> [Problem]: Set the data down again, exactly as it reads, but without the pictures.

> [Available data]:
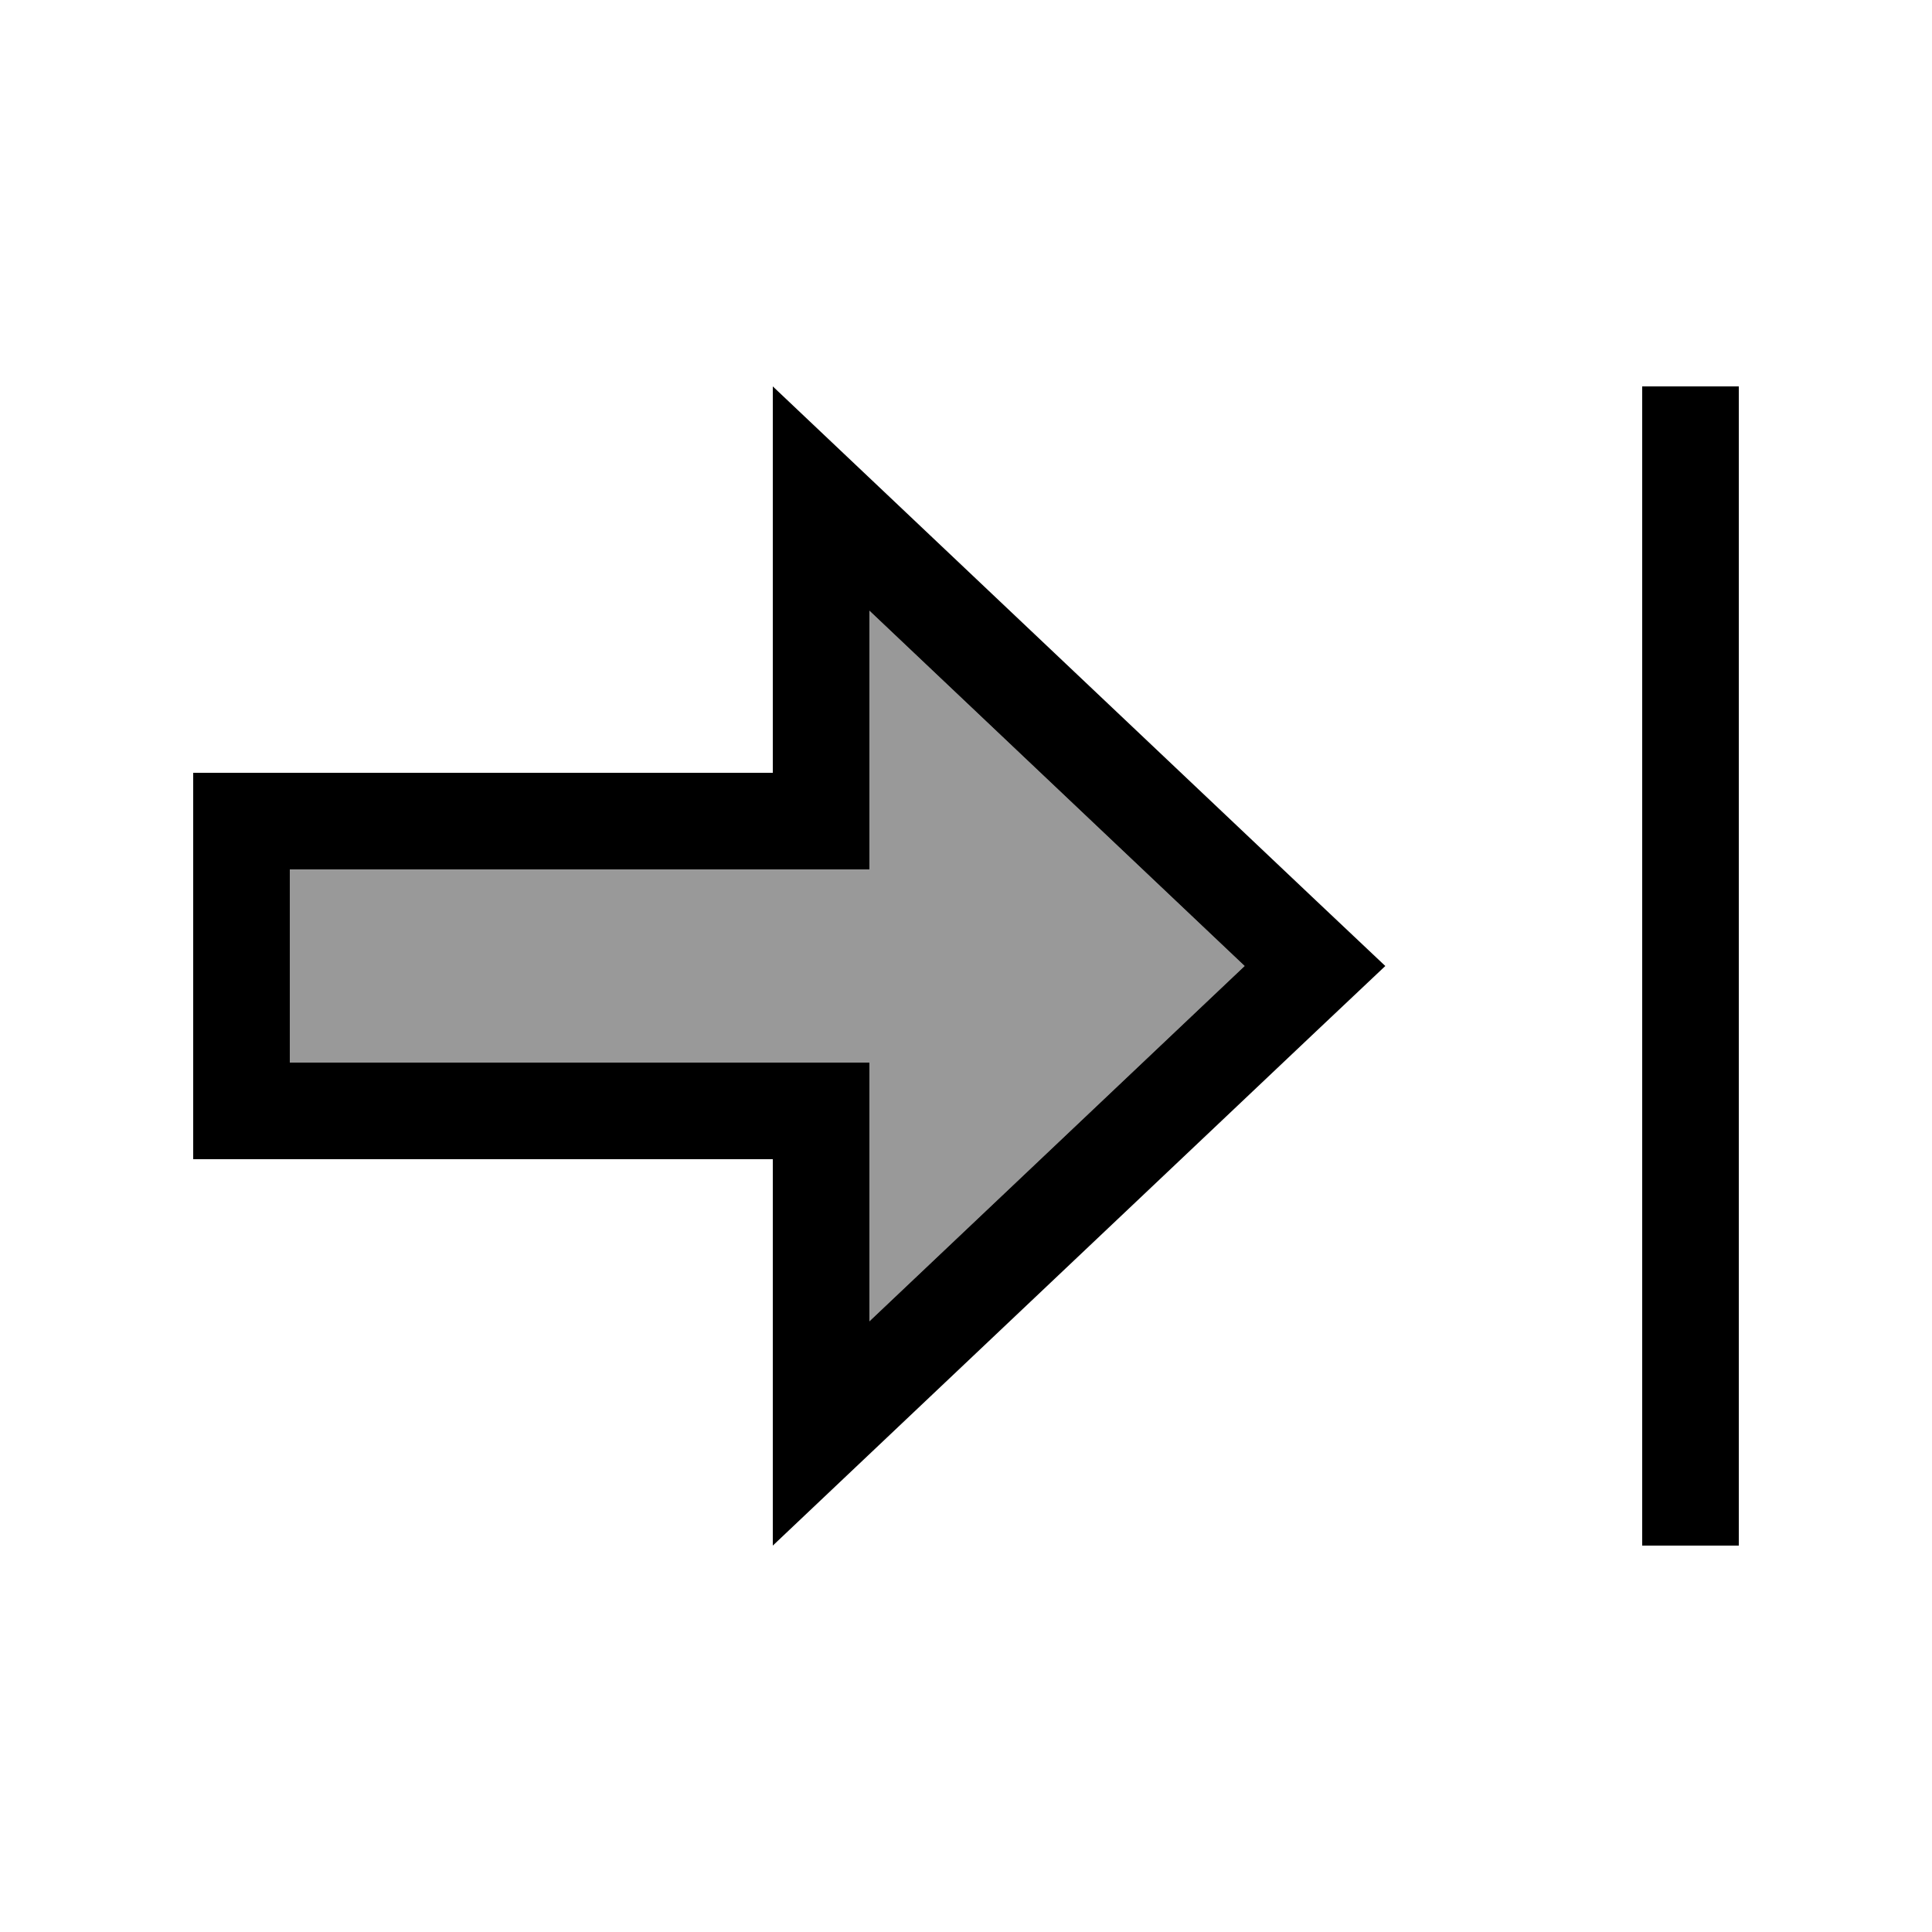<svg xmlns="http://www.w3.org/2000/svg" viewBox="0 0 640 640"><!--! Font Awesome Pro 7.1.0 by @fontawesome - https://fontawesome.com License - https://fontawesome.com/license (Commercial License) Copyright 2025 Fonticons, Inc. --><path opacity=".4" fill="currentColor" d="M96 288L96 352L288 352C288 369.7 288 398.3 288 437.7L412.3 320L288 202.3C288 241.7 288 270.2 288 288C256 288 144 288 96 288z"/><path fill="currentColor" d="M576 128L576 512L544 512L544 128L576 128zM256 256L256 128C258.1 130 317.9 186.6 435.6 298L458.9 320L435.6 342C317.9 453.4 258.1 510 256 512L256 384L64 384L64 256L192 256L192 256L256 256zM192 288L192 288L96 288L96 352L288 352L288 437.7L412.3 320L288 202.3L288 288L192 288z"/></svg>
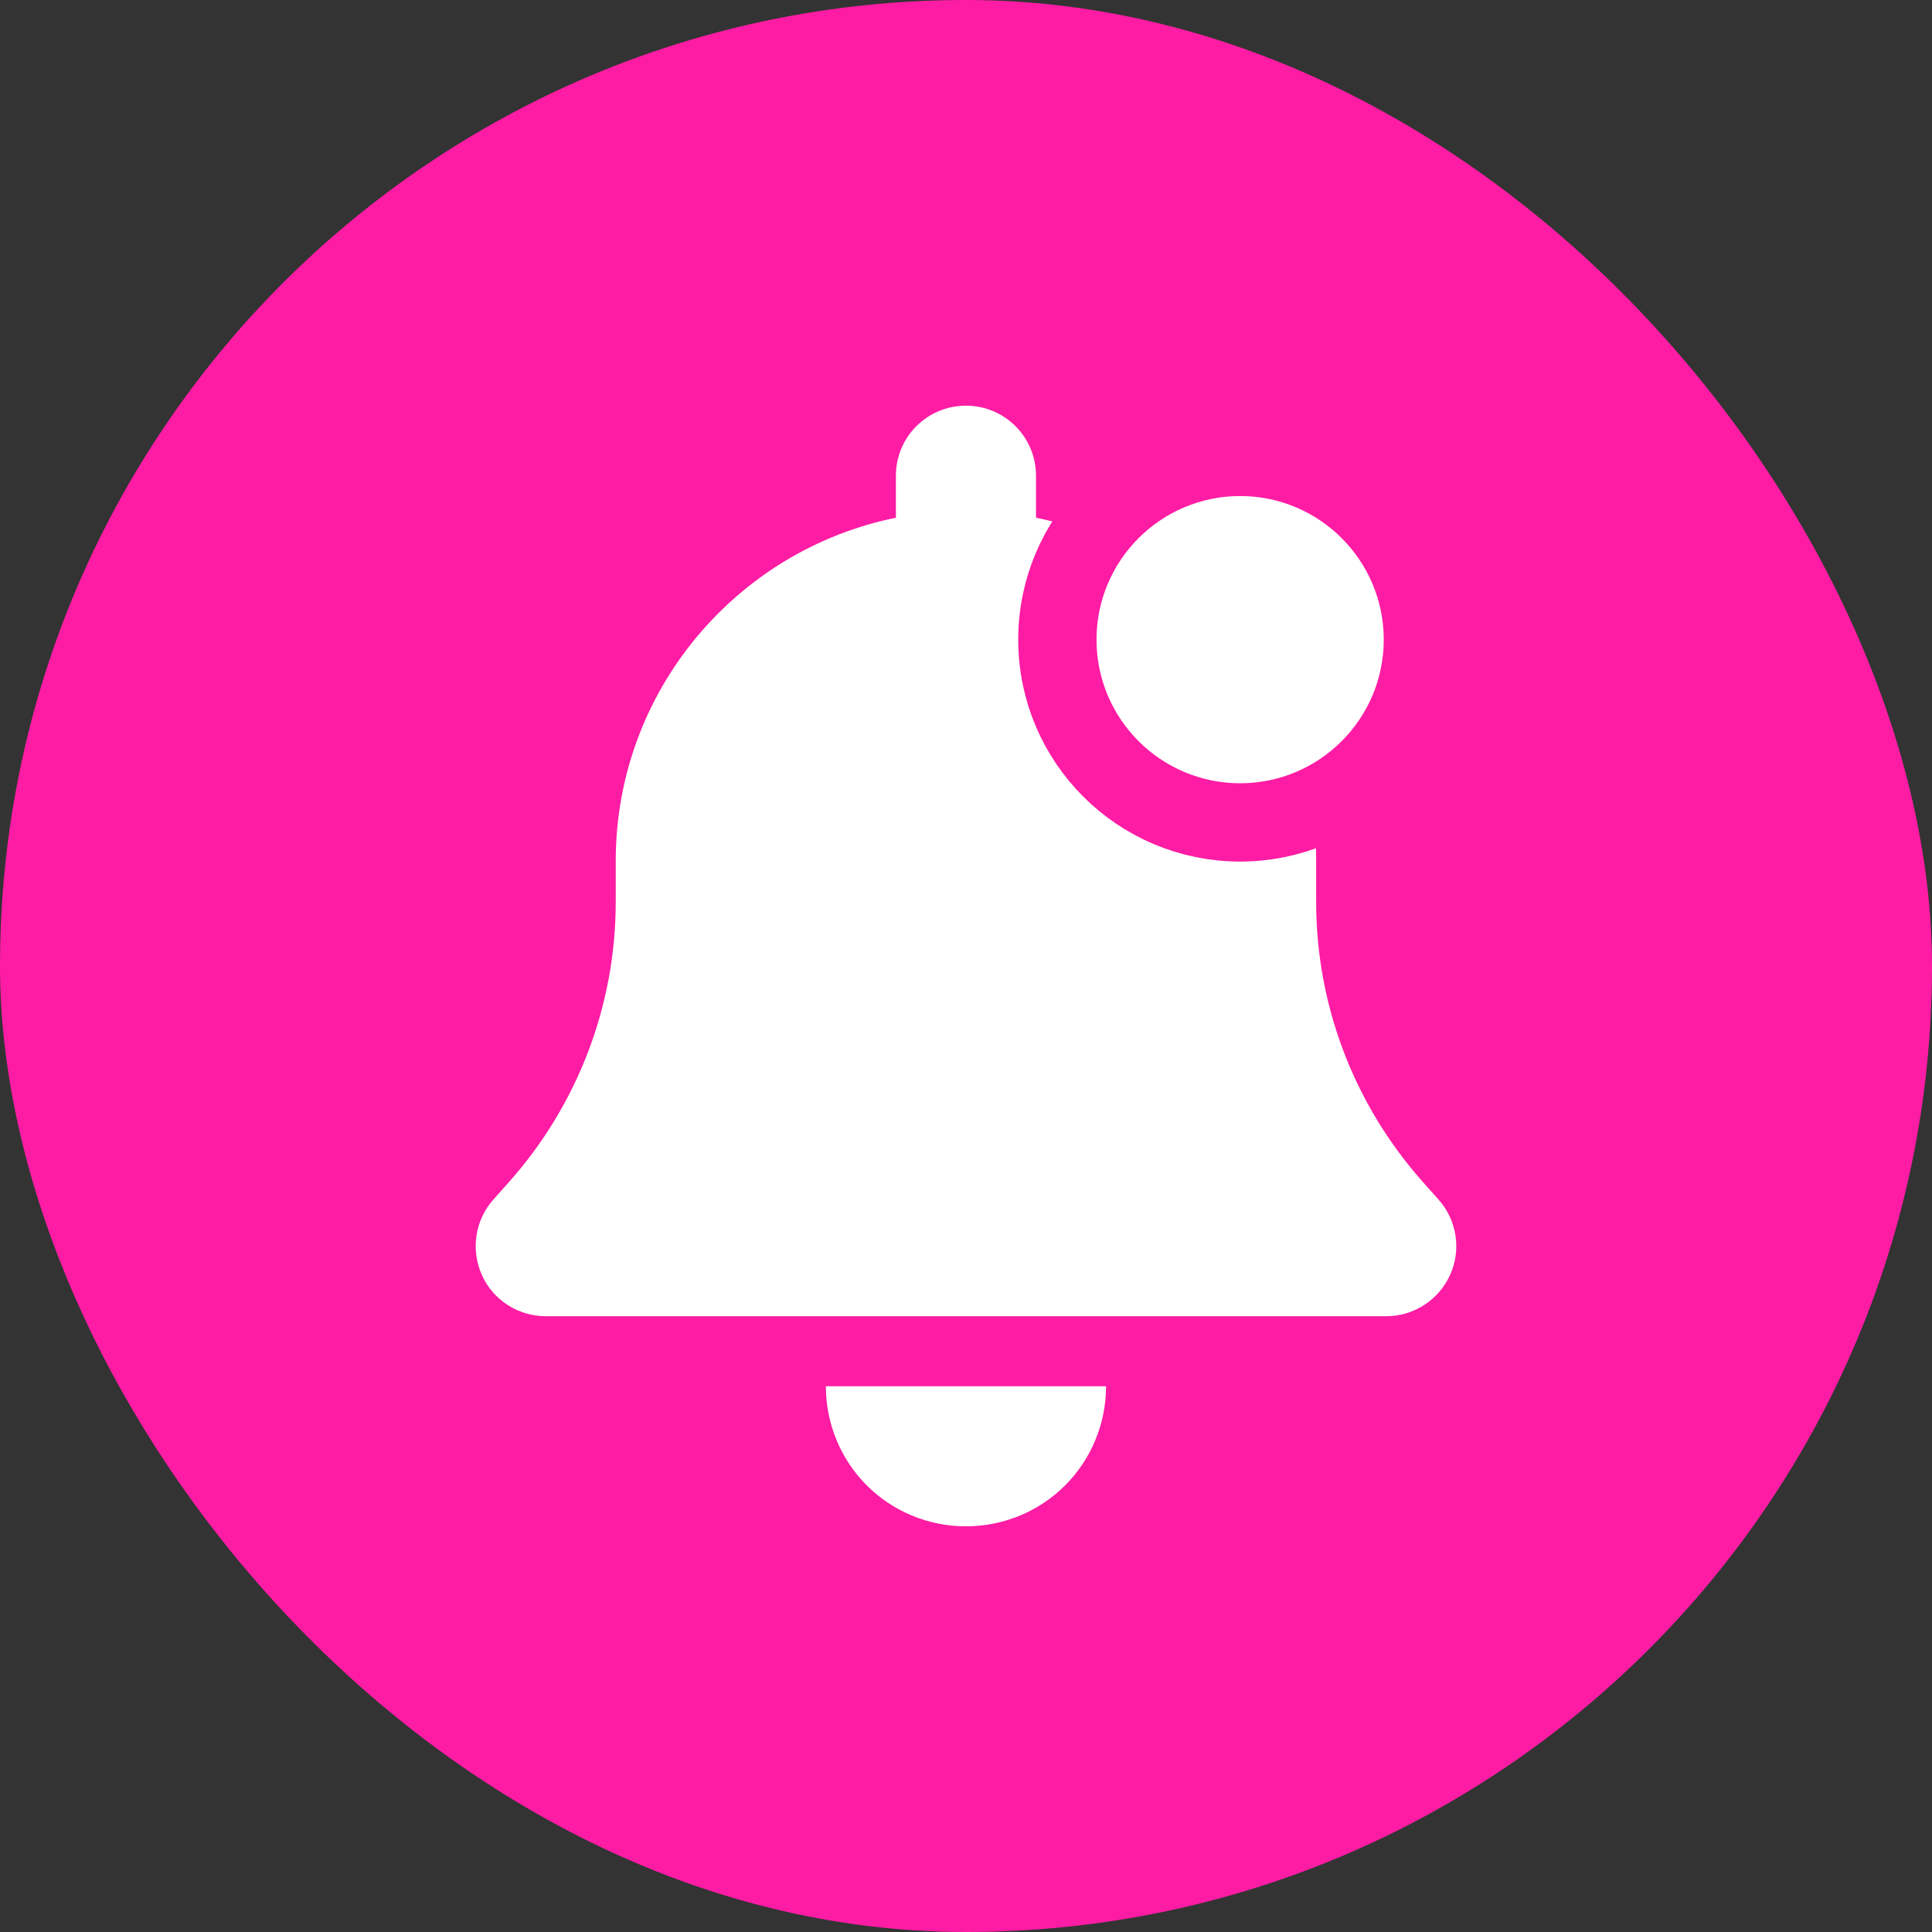 <svg width="74" height="74" viewBox="0 0 74 74" fill="none" xmlns="http://www.w3.org/2000/svg">
<rect x="0" y="0" width="74" height="74" fill="#333333" stroke="none"/>
<rect width="74" height="74" rx="37" fill="#FE1CA4"/>
<path d="M36.998 15.538C35.514 15.538 34.315 16.737 34.315 18.221V19.83C28.195 21.071 23.584 26.487 23.584 32.976V34.552C23.584 38.492 22.134 42.298 19.518 45.249L18.898 45.945C18.194 46.733 18.026 47.865 18.454 48.829C18.881 49.793 19.845 50.414 20.902 50.414H53.095C54.151 50.414 55.107 49.793 55.543 48.829C55.979 47.865 55.803 46.733 55.098 45.945L54.478 45.249C51.862 42.298 50.412 38.501 50.412 34.552V32.976C50.412 26.487 45.801 21.071 39.681 19.83V18.221C39.681 16.737 38.482 15.538 36.998 15.538ZM40.796 56.894C41.802 55.888 42.364 54.522 42.364 53.096H31.633C31.633 54.522 32.194 55.888 33.2 56.894C34.206 57.9 35.573 58.462 36.998 58.462C38.423 58.462 39.79 57.9 40.796 56.894Z" fill="white"/>
<circle cx="47.5" cy="24.5" r="7" fill="white" stroke="#FE1CA4" stroke-width="3"/>
</svg>

> [Reply to the exercise]:
<svg xmlns="http://www.w3.org/2000/svg" viewBox="0 0 640 640"><!--! Font Awesome Pro 7.1.0 by @fontawesome - https://fontawesome.com License - https://fontawesome.com/license (Commercial License) Copyright 2025 Fonticons, Inc. --><path opacity=".4" fill="currentColor" d="M96 288L96 352L288 352C288 369.7 288 398.3 288 437.7L412.3 320L288 202.3C288 241.7 288 270.2 288 288C256 288 144 288 96 288z"/><path fill="currentColor" d="M576 128L576 512L544 512L544 128L576 128zM256 256L256 128C258.1 130 317.9 186.6 435.6 298L458.9 320L435.6 342C317.9 453.4 258.1 510 256 512L256 384L64 384L64 256L192 256L192 256L256 256zM192 288L192 288L96 288L96 352L288 352L288 437.7L412.3 320L288 202.3L288 288L192 288z"/></svg>
 <svg width="74" height="74" viewBox="0 0 74 74" fill="none" xmlns="http://www.w3.org/2000/svg">
<rect x="0" y="0" width="74" height="74" fill="#333333" stroke="none"/>
<rect width="74" height="74" rx="37" fill="#FE1CA4"/>
<path d="M36.998 15.538C35.514 15.538 34.315 16.737 34.315 18.221V19.83C28.195 21.071 23.584 26.487 23.584 32.976V34.552C23.584 38.492 22.134 42.298 19.518 45.249L18.898 45.945C18.194 46.733 18.026 47.865 18.454 48.829C18.881 49.793 19.845 50.414 20.902 50.414H53.095C54.151 50.414 55.107 49.793 55.543 48.829C55.979 47.865 55.803 46.733 55.098 45.945L54.478 45.249C51.862 42.298 50.412 38.501 50.412 34.552V32.976C50.412 26.487 45.801 21.071 39.681 19.83V18.221C39.681 16.737 38.482 15.538 36.998 15.538ZM40.796 56.894C41.802 55.888 42.364 54.522 42.364 53.096H31.633C31.633 54.522 32.194 55.888 33.2 56.894C34.206 57.9 35.573 58.462 36.998 58.462C38.423 58.462 39.79 57.9 40.796 56.894Z" fill="white"/>
<circle cx="47.5" cy="24.5" r="7" fill="white" stroke="#FE1CA4" stroke-width="3"/>
</svg>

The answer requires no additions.